Les personnes adoptées doivent souvent expliquer leur réalité aux personnes de leur entourage. Elles ne trouvent pas les mots justes, ne savent pas par où commencer ou comment exprimer l’amalgame de sentiments paradoxaux et confus qui les habitent. Elles doivent gérer les impacts de leur adoption sur leur bien-être.
Même s’il n’existe pas de preuve que l’adoption est un traumatisme (Brodzinsky, Gunnar et Palacios, 2022), il est possible d’établir des connexions entre les conséquences d’un trauma complexe et les impacts de l’adoption. Ainsi, cet article a pour objectif de définir le trauma complexe et ses neuf (9) conséquences sur le fonctionnement d’une personne.
Comment définir un trauma complexe ?
D’abord, un trauma est associé à un événement de vie adverse qui provoque une réaction physique et psychologique extrême (American Psychological Association, 2012). Il est déclaré complexe lorsqu’il est relationnel, c’est-à-dire qu’il est causé par une relation interpersonnelle qui implique entre autres une trahison entre une personne responsable des soins, de la protection ou de l’encadrement de sa victime (Ford et Courtois, 2013). L’expérience est répétée ou prolongée et survient à des périodes vulnérables du développement de la vie, comme la petite enfance, ou qui ébranlent significativement les acquis développementaux à n’importe quel moment de la vie (Ford et Courtois, 2013).

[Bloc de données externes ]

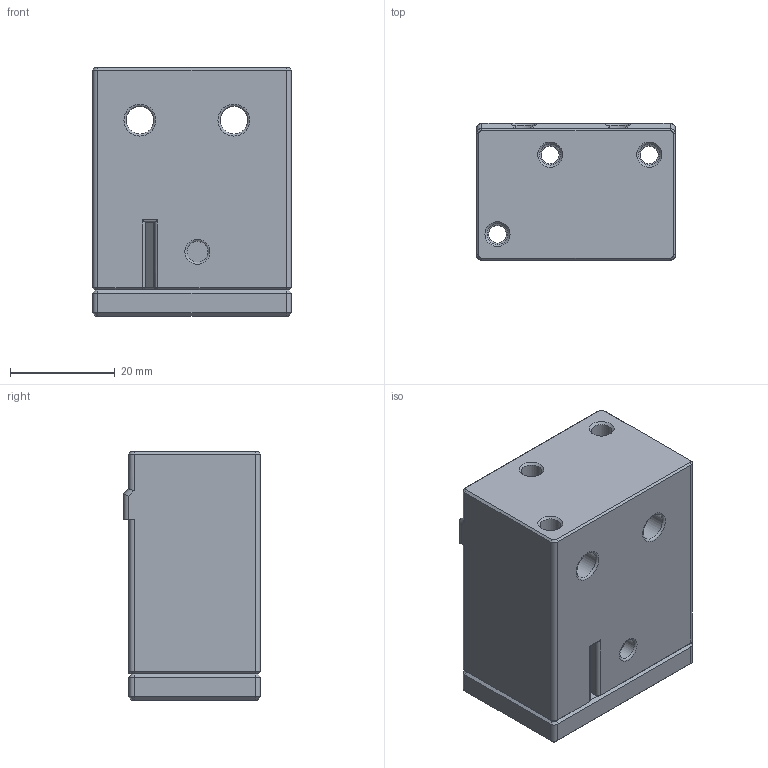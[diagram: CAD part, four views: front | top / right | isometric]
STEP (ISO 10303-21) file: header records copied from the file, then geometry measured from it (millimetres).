
FILE_DESCRIPTION(/* description */ (''),/* implementation_level */ '2;1');
FILE_NAME(/* name */ 'A-Z_Belt_Tensioner-L.stp',/* time_stamp */ '2021-01-26T16:26:52-08:00',/* author */ (''),/* organization */ (''),/* preprocessor_version */ 'ST-DEVELOPER v18.1',/* originating_system */ 'Autodesk Translation Framework v9.7.0.1280',/* authorisation */ '');
FILE_SCHEMA (('AUTOMOTIVE_DESIGN { 1 0 10303 214 3 1 1 }'));
Length unit declared in the file: millimetre
Products named in the file (1): Z Belt Attachment
Bounding box: 38.04 x 26.2 x 47.5 mm (x, y, z)
Volume: 39283.9 mm3; surface area: 14490.7 mm2
Topology: 3 solids, 3 shells, 232 faces, 574 edges, 348 vertices
Faces by surface type: plane 90, cylinder 68, cone 59, torus 9, bspline 4, sphere 2
Full cylindrical faces by diameter (mm): 2.7 x2, 3.4 x6, 3.6 x1, 4 x5, 5.3 x2, 6.1 x2
Entity records: 7293 total; most frequent: CARTESIAN_POINT 1593, DIRECTION 1237, ORIENTED_EDGE 1148, EDGE_CURVE 574, AXIS2_PLACEMENT_3D 455, VERTEX_POINT 348, LINE 327, VECTOR 327
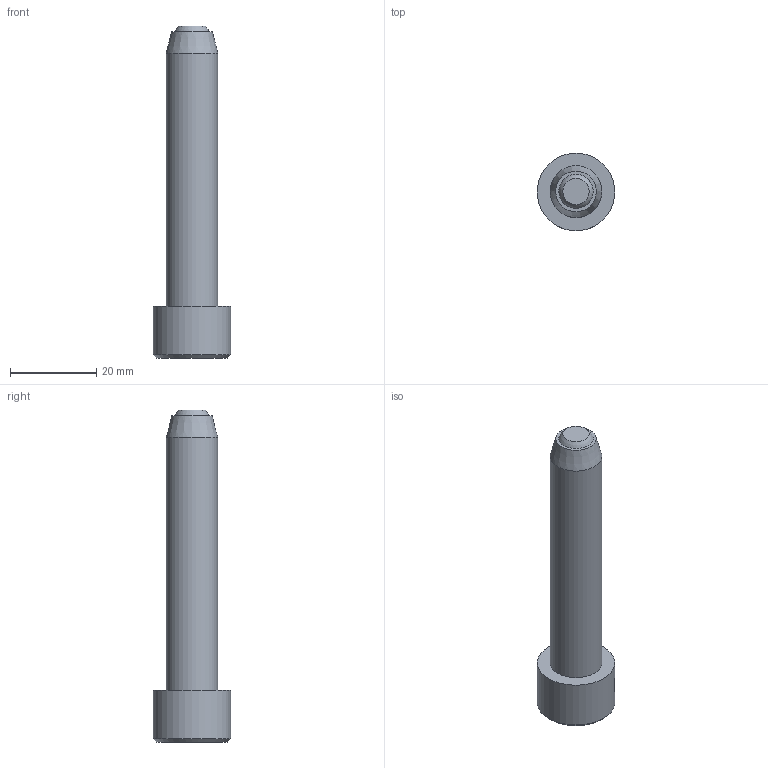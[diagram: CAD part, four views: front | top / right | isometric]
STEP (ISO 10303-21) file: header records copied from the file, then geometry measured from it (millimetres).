
FILE_DESCRIPTION( ( 'Unknown' ), '1' );
FILE_NAME( 'PT17B-1265.stp', 'Unknown', ( 'Unknown' ), ( 'Unknown' ), 'XStep 1.0', 'Unknown', ' ' );
FILE_SCHEMA( ( 'CONFIG_CONTROL_DESIGN' ) );
Length unit declared in the file: millimetre
Products named in the file (1): 1
Bounding box: 18 x 18 x 77 mm (x, y, z)
Volume: 9662.2 mm3; surface area: 3729.5 mm2
Topology: 1 solids, 1 shells, 16 faces, 33 edges, 22 vertices
Faces by surface type: plane 11, cone 2, cylinder 2, sphere 1
Full cylindrical faces by diameter (mm): 12 x1, 18 x1
Entity records: 426 total; most frequent: DIRECTION 68, CARTESIAN_POINT 63, ORIENTED_EDGE 52, EDGE_CURVE 26, AXIS2_PLACEMENT_3D 25, EDGE_LOOP 24, VERTEX_POINT 20, FACE_OUTER_BOUND 19

En comparaison, l’adoption implique forcément une séparation entre la mère biologique et la personne adoptée. Plusieurs circonstances peuvent affecter la séparation dont la raison est parfois méconnue. Similairement au trauma complexe, l’abandon (perçu ou réel) par une figure parentale qui était responsable des soins et de la protection de la personne adoptée affecte son développement.
Quelles sont les conséquences du trauma complexe sur une personne ?
Le trauma complexe a une incidence sur les sphères de fonctionnement de l’individu, qui sera plus susceptible de développer 1) des difficultés relationnelles et d’attachement, 2) une identité et une conception de soi altérées, 3) de somatisation et des problèmes de santé, 4) des problèmes cognitifs et d’apprentissage, 5) de la régulation des émotions, 6) de la compréhension du monde, 7) des comportements dysfonctionnels, 8) de la dissociation et 9) des difficultés au niveau de la mentalisation (Milot et al., 2018). Les répercussions peuvent s’enchevêtrer.
En adoption, toutes les sphères du fonctionnement de l’individu énumérées dans le trauma complexe sont également applicables. L’adoption occasionne entre autres des enjeux d’attachement, d’identité et d’adaptation (Daigle, 2020). Par exemple, une personne adoptée vit souvent des enjeux relationnels similaires à ceux vécus par une personne ayant vécu un trauma complexe. Elle adopte fréquemment l’une des deux attitudes diamétralement opposées: 1) elle est méfiante, détachée et garde ses distances avec les autres ou 2) elle vit de grandes difficultés à se retrouver seule, elle recherche systématiquement la présence constante de l’autre.
Conclusion
Au premier regard, les conséquences du trauma complexe et les impacts de l’adoption sont similaires, mais il existe des distinctions et des subtilités qui seront explorées dans les prochains articles. Le mois prochain, les problèmes relationnels et d’attachement seront comparés et analysés sous l’angle de la théorie de l’attachement. Comment est-ce que le modèle d’attachement adopté par un enfant est affecté par un trauma complexe ? Comment est-ce qu’il diffère ou suit la même trajectoire en contexte d’adoption précoce ? Que se passe-t-il à l’âge adulte ? Ces questions serviront de pistes de réflexion pour explorer les enjeux de l’adoption.